Pre-draft measurables
| Height | Weight | Arm length | Hand span | Wingspan | 40-yard dash | 10-yard split | 20-yard split | 20-yard shuttle | Three-cone drill | Vertical jump | Broad jump | Bench press |
| 6 ft 0+3⁄4 in (1.85 m) | 300 lb (136 kg) | 32+3⁄4 in (0.83 m) | 10 in (0.25 m) | 6 ft 8+1⁄8 in (2.04 m) | 5.21 s | 1.93 s | 2.97 s | 4.59 s | 7.84 s | 30 in (0.76 m) | 8 ft 11 in (2.72 m) | 21 reps |
All values from Pro Day

=== New Orleans Saints ===
After going undrafted in the 2024 NFL draft, Haynesworth signed with the New Orleans Saints on April 27, 2024. He was also selected by the San Antonio Brahmas in the eighth round of the 2024 UFL draft on July 17. He was waived/injured on August 20, and reverted to injured reserve on August 22.

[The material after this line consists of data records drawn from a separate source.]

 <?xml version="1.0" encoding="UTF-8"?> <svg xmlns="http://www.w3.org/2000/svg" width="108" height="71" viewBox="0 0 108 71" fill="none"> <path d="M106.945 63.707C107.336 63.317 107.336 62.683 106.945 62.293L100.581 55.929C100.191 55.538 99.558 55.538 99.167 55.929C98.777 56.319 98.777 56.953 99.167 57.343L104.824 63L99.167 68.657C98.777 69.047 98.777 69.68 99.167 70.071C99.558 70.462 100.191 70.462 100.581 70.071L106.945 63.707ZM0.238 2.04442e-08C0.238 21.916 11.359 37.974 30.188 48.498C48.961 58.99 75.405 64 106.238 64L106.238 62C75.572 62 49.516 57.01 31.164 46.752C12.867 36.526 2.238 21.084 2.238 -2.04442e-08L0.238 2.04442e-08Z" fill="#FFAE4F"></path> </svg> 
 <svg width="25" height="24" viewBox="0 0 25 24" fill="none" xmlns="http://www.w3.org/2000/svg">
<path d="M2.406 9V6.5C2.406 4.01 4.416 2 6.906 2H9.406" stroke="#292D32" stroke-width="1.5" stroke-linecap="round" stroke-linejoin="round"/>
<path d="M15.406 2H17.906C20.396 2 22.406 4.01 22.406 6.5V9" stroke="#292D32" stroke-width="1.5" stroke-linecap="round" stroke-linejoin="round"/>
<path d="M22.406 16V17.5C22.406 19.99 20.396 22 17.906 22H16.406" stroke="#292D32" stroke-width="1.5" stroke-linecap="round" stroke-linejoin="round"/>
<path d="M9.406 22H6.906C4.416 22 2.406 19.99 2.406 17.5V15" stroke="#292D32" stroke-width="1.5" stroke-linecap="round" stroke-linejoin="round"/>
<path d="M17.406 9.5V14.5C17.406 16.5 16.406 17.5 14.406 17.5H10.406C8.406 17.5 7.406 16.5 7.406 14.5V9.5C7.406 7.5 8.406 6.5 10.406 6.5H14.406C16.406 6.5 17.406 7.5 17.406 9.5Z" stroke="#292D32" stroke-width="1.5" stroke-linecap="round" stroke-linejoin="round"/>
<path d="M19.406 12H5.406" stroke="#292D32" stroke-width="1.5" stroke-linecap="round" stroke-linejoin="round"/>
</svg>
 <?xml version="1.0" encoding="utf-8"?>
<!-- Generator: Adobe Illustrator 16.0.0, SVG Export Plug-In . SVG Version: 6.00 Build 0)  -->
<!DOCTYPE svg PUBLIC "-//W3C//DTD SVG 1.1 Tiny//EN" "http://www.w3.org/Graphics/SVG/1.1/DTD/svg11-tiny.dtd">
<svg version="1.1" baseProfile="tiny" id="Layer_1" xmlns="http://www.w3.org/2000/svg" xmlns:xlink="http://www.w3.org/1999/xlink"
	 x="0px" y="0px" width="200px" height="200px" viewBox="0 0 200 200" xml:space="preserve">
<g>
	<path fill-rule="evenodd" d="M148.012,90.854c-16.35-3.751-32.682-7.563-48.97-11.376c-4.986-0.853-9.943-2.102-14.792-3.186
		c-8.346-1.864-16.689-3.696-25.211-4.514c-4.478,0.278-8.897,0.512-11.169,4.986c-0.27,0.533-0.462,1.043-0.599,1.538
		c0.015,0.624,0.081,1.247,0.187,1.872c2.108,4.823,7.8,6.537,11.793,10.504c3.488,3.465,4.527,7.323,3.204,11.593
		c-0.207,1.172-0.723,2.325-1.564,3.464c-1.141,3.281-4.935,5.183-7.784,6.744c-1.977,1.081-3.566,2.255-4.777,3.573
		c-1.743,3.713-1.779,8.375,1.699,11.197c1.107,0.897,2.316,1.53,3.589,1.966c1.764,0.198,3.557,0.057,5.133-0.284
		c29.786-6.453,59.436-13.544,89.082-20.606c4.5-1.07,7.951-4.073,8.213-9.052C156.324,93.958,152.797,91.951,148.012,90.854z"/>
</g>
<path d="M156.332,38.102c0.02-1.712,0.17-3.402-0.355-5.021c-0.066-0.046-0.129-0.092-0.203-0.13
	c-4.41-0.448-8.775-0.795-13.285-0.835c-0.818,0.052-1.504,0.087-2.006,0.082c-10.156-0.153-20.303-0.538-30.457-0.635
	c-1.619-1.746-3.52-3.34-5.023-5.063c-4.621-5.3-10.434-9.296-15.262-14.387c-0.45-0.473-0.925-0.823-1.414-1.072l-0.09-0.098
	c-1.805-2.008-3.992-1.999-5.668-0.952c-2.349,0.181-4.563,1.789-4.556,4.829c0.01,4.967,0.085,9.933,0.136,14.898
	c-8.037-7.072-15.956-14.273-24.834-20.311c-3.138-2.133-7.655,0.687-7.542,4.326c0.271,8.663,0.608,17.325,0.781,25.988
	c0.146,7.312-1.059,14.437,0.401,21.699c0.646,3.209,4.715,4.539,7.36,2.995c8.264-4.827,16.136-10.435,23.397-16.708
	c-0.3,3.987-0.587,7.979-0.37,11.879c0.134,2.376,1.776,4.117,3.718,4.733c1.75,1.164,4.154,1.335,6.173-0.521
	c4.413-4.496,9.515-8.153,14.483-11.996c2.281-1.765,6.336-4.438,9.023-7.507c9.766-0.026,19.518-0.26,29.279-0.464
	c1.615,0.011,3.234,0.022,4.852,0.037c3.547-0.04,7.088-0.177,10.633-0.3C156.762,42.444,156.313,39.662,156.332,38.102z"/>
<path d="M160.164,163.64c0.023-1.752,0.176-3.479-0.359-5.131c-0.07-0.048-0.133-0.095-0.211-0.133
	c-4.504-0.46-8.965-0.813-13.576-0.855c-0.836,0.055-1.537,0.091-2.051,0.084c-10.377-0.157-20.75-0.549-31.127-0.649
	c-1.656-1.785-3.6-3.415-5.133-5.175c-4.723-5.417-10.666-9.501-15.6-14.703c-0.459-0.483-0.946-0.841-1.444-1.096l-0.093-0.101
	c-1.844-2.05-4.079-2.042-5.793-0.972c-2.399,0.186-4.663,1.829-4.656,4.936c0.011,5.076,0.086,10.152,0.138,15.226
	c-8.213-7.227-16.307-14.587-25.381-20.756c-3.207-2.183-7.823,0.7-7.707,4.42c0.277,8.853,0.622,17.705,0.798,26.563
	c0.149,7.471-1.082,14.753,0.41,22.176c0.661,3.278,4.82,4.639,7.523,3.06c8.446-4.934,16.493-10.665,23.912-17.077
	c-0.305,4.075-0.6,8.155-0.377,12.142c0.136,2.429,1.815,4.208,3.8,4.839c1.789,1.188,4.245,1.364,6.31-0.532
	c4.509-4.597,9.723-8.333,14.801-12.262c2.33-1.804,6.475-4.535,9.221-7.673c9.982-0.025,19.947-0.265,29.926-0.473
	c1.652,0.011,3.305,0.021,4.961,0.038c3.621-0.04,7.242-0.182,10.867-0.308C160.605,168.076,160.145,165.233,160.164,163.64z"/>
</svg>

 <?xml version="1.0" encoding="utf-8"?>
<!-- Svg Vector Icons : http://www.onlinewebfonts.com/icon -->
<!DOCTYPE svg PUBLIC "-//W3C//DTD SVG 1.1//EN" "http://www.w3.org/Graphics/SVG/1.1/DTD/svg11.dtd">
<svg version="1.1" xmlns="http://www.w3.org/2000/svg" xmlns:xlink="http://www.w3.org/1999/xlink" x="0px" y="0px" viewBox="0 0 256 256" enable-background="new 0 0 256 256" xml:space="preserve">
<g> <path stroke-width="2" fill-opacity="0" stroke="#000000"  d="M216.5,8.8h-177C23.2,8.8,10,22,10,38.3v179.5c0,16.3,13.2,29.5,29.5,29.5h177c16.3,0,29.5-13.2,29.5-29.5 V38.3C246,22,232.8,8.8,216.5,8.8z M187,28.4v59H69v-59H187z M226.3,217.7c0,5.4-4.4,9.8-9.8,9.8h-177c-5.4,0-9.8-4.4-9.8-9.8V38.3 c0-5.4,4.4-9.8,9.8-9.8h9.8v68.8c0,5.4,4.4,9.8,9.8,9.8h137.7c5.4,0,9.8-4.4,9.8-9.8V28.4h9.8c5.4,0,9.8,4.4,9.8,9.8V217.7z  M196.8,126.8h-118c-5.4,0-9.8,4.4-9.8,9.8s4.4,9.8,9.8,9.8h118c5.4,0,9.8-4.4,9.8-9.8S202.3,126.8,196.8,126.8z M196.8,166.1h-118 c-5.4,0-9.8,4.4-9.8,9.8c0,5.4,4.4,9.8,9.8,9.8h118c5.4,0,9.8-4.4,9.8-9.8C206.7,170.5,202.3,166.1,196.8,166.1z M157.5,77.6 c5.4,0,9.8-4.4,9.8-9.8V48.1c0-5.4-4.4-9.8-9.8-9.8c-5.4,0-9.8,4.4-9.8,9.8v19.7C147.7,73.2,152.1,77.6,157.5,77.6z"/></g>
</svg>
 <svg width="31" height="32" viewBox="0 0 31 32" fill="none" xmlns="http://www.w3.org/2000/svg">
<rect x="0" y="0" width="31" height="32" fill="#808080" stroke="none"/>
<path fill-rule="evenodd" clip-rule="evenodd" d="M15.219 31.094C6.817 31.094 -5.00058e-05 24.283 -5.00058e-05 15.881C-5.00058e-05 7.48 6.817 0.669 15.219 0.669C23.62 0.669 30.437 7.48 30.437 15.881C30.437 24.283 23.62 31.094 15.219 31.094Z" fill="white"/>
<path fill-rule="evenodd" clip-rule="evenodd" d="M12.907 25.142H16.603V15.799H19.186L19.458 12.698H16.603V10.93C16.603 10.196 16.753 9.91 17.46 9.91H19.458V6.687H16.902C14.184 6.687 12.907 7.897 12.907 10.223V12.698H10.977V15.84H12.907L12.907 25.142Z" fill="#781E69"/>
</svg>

=== New England Patriots ===
On October 8, Haynesworth was signed to the New England Patriots practice squad. He was released on October 15.

===New Orleans Saints (second stint)===
On October 23, 2024, Haynesworth was signed to the New Orleans Saints practice squad, but released a week later. Haynesworth was signed to the practice squad again on December 3.

===Arizona Cardinals===
On January 7, 2025, Haynesworth signed a reserve/future contract with the Arizona Cardinals. He was waived on August 26 as part of final roster cuts and re-signed to the practice squad the next day, and released the following day.

=== St. Louis Battlehawks ===
On January 23, 2026, Haynesworth signed with the St. Louis Battlehawks of the United Football League (UFL).

===Buffalo Bills===
On August 26, 2026, Haynesworth signed with the Buffalo Bills, but was waived three days later.